WHAT THE TASK REQUIRES. Each line of the data below from the one holding "Vraag: Op welk" to the one holding "Antwoord: Bestuursrecht", inclusive, is to be reproduced exactly; no other line belongs in the answer.

Recorded data.
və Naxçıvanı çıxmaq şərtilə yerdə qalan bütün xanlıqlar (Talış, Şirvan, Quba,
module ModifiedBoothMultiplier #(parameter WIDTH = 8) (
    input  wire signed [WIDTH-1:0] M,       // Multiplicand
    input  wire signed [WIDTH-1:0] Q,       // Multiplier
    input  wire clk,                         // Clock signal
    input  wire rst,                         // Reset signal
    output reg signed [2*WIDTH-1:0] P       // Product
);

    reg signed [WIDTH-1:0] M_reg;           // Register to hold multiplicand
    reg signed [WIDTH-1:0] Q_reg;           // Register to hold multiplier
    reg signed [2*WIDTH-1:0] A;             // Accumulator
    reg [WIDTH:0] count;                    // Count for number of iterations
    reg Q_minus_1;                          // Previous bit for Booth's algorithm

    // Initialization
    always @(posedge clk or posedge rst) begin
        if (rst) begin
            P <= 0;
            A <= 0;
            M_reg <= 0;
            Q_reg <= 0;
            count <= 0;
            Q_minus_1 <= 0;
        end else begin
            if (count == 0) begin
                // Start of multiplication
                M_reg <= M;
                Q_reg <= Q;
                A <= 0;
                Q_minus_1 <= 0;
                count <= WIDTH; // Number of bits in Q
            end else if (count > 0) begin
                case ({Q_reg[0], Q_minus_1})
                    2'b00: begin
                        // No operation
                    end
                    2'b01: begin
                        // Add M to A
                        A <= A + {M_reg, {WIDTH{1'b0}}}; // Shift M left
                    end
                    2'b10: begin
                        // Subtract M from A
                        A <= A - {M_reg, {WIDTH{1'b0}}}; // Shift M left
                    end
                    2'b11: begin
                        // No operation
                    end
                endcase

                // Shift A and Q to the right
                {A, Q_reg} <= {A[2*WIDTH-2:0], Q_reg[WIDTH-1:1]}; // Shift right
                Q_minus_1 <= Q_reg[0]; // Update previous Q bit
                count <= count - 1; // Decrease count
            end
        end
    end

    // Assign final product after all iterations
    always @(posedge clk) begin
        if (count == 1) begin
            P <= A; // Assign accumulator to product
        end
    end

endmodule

...

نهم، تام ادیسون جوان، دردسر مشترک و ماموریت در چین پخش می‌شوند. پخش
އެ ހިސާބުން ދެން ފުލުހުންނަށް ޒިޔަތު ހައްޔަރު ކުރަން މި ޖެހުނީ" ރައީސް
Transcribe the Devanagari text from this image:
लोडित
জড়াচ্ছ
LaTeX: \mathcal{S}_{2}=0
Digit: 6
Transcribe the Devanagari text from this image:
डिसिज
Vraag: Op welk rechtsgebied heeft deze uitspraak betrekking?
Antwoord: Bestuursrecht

WRITTEN SOLUTION.
Vraag: Op welk rechtsgebied heeft deze uitspraak betrekking?
Antwoord: Bestuursrecht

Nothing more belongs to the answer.